…Яна, я вспомнил. Ты говорила, что писала письмо.
Просто оно не дошло .
Гражданство — гражданин Государства Войны
Июнь 2000 года.
Северный Кавказ:
Проходили месяц за месяцем. Менялись люди, окружающие нас, командиры и боевые друзья. Кто-то приезжал сюда, кто-то возвращался домой. Все менялось вокруг. Все менялось, а мы оставались здесь. Оставались каждый месяц, и каждый новый месяц встречали с надеждой, что он будет последним. Но проходили дни, тускнела надежда, сменялась горечью и отчаянием, пока не превратилась в сплошное холодное равнодушие. Нам было уже все равно, сколько еще дней предстоит провести здесь, сколько людей сменится и, что произойдет на этой войне. Они стали такими одинаковыми, серыми и будничными, все, проведенные здесь дни. С холодным безразличием мы вяло следили за ходом времени. Для нас оно остановилось. Давно никто не считал числа, не отслеживал праздников, не заглядывал в календарь. Никто не мог вспомнить, когда произошло то или иное событие, была зима, весна или лето. Мы словно перестали жить. Порой мы просто тупо сидели друг перед другом в палатках, в окопах, и молчали по несколько часов. Мы даже перестали разговаривать о доме. Им пришел конец, длинным разговорам о возвращении. Нам обещали три месяца командировки, затем четыре, пять, теперь полгода и дольше. И вот мы перестали кому-то верить. Перестали верить, что когда-то вернемся домой.
Единственной отдушиной, единственным утешением для нас была водка. Чтобы как-то забыться и уйти от проблем, мы уходили в черный запой. Едва добравшиеся до двадцатилетия алкоголики, мы, не взирая на все опасности, мотались за этим пойлом в соседние аулы, подряжали на ее доставку местных жителей, выставляли на дороге скоротечные, до первого своего груза, посты. Мы пили без меры и без рассудка, хлебали всё, что попадало под руку и на что еще хватало денег. И ничего не жалели на эту гадость. А чего нам было жалеть? Что у нас было, кроме грошовых зарплат, казенного бензина и солярки, да попрятанного у кого лишнего комплекта обмундирования? Собственный, с иголочки камуфляж, я сменял у пастуха-дагестанца за хилую овечку — закуску на очередную вечернюю пьянку.
Какая там честь солдата, о которой когда-то, еще на Алтае, мы слышали от своих командиров?! Какой и перед кем стыд?!. Это было до войны. Это там мы придерживались какой-то морали. Здесь же мы растеряли все свои ценности. Здесь никто ничего не помнил. Мы начали сходить с ума. Нам казалось, что нас навсегда бросили здесь. Что эта Чечня, этот Дагестан, они станут повседневной нашей жизнью и уже никогда не кончатся. Что мы так и состаримся, так и умрем здесь.
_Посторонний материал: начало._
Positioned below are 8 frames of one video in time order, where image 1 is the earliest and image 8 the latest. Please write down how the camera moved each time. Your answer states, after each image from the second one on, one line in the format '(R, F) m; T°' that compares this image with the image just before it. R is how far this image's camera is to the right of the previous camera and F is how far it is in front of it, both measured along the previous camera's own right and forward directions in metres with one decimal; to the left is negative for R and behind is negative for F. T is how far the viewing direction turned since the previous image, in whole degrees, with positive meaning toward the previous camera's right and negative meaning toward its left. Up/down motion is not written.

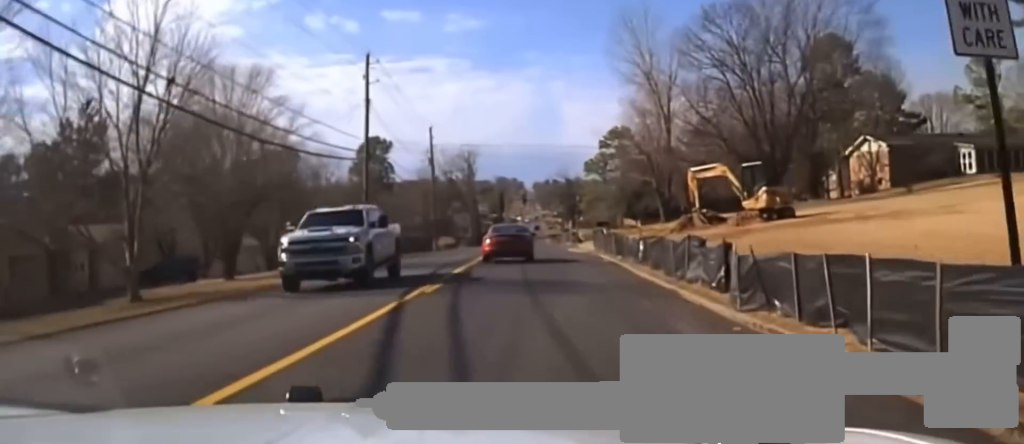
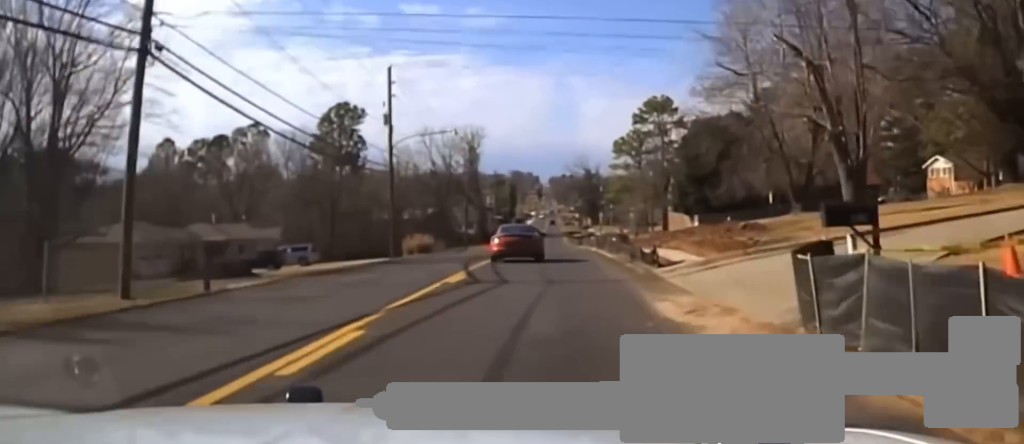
(-0.3, +32.4) m; -2°
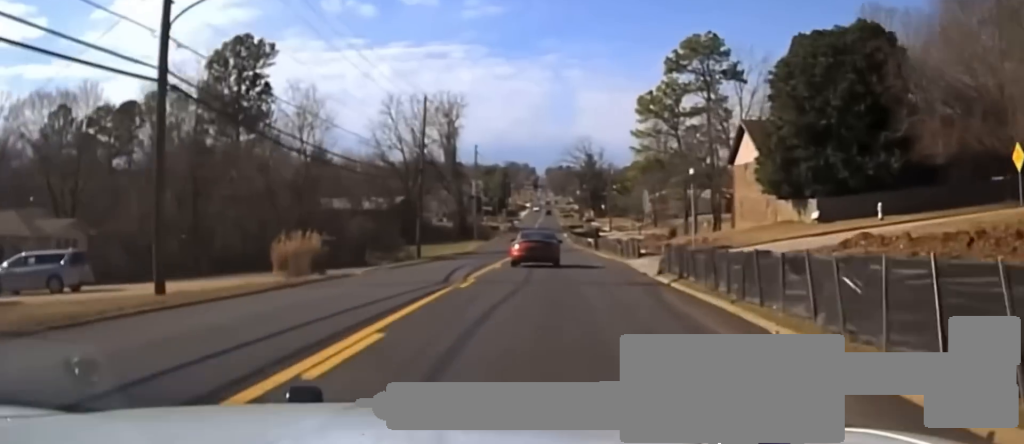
(-1.0, +37.2) m; -1°
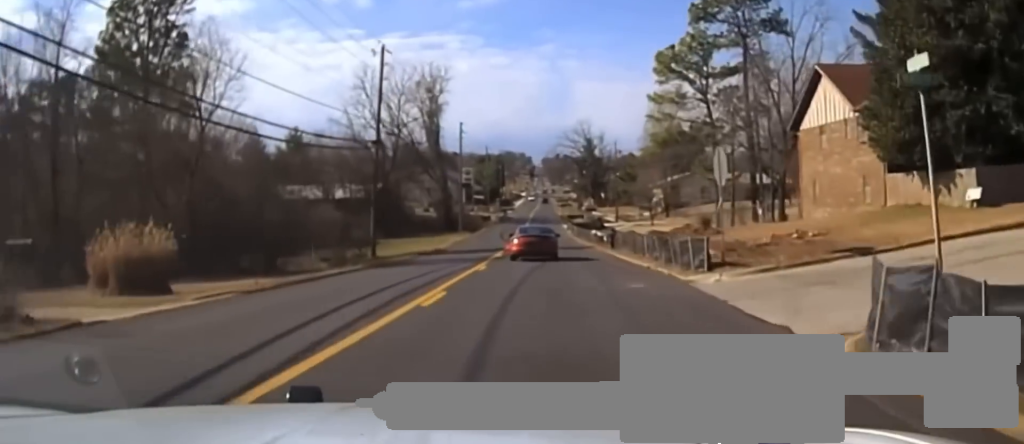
(0.0, +17.9) m; +1°
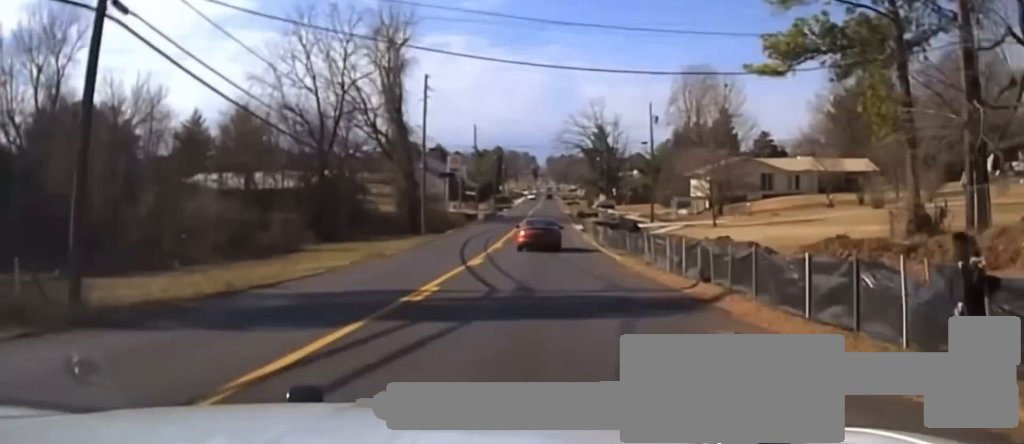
(+0.5, +36.9) m; +1°
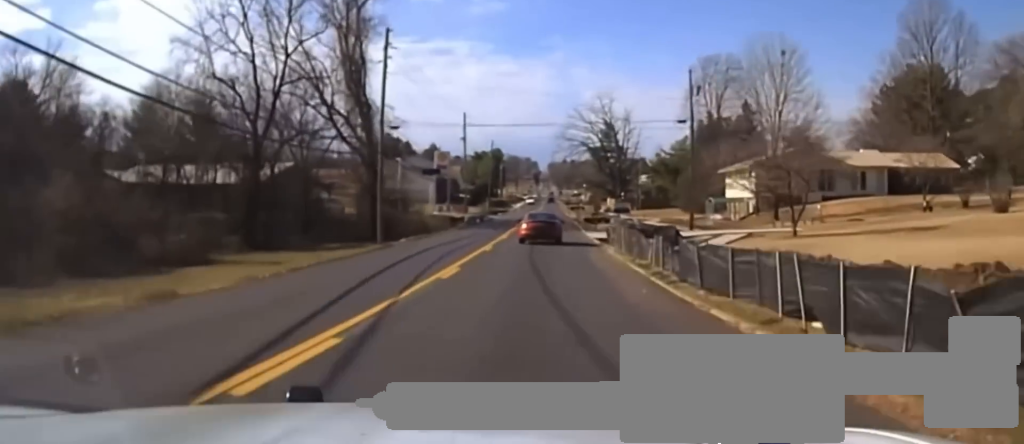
(0.0, +22.4) m; 0°
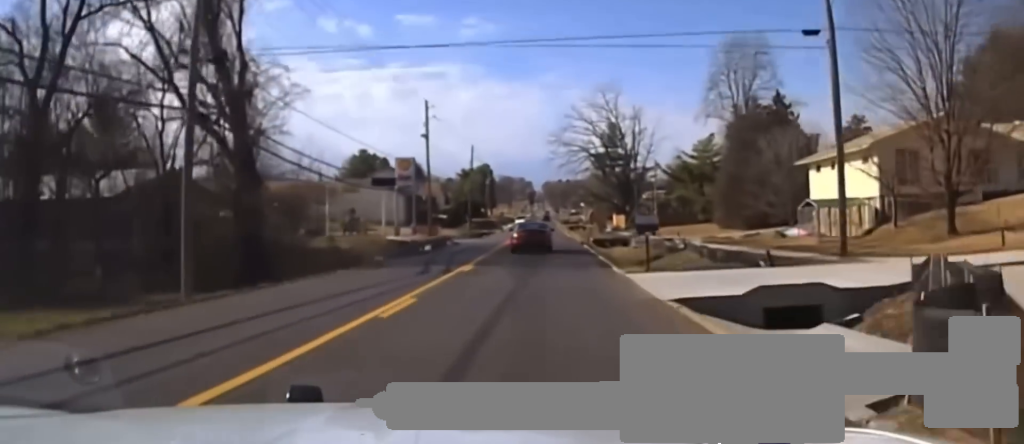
(-0.1, +29.5) m; -1°
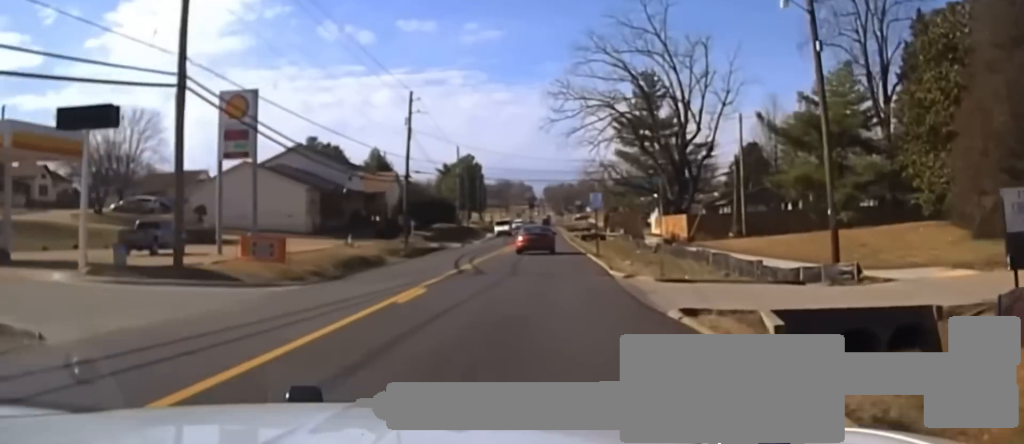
(-0.5, +53.6) m; 0°

Казалось, что напиться было проще всего, исчезало чувство беспокойства и одиночества, становилось легче на душе. Но так было лишь поначалу. Чем дольше мы находились здесь, тем сильнее отравлялось наше сознание. В нас поселилась какая-то пустота. Мы стали не нужны сами себе. Теперь у нас уже не было никаких вопросов к войне, а только к самим себе: «Почему я приехал сюда?» «Если меня все позабыли, для чего я вообще живу на этой земле?» Война ушла куда-то на задворки сознания. Нас больше не привлекали великие ее цели. Из одного общего дела он вдруг превратилась в личное дело каждого. В личную трагедию отдельного человека. Каждый просто уходил в себя. И ему становилось все равно, что происходит вокруг.
От нас уже ушла вера в завтрашний день. Но еще не остыла, еще кипела слепая ненависть. Мы ненавидели чеченцев за то, что они стали причиной войны. Мы ненавидели дагестанцев, потому что у них не хватило собственных сил, и они позвали нас. Мы забыли собственные слезы и клятвы на их митингах. Всё, что окружало здесь нас: люди, села, города, горы и даже небо, были виновны в любых наших несчастьях. Все они были причиной нашей ненависти. Но и она не прорывалась наружу, пока мы не прикасались к водке.
И вот, напившись, налакавшись самопальной бурды, мы выпускали из себя всю, накопившуюся на целый мир злобу. Целый мир был виноват перед нами! Но — горе нам! — весь этот мир состоял только из взводной нашей палатки на два десятка человек. И не на кого было расходовать эту ненависть, кроме как друг на друга. И мы поднимали руку на своих товарищей, чего никогда не случалось раньше. И редко обходилось, чтобы в такие ночи мы не стреляли на постах. Стреляли по поводу и без повода, поднимая к бою всю заставу. А потом приходило утро, когда мы просили друг у друга прощения и клялись больше не пить. Но шел день, наступал вечер, и все повторялось заново.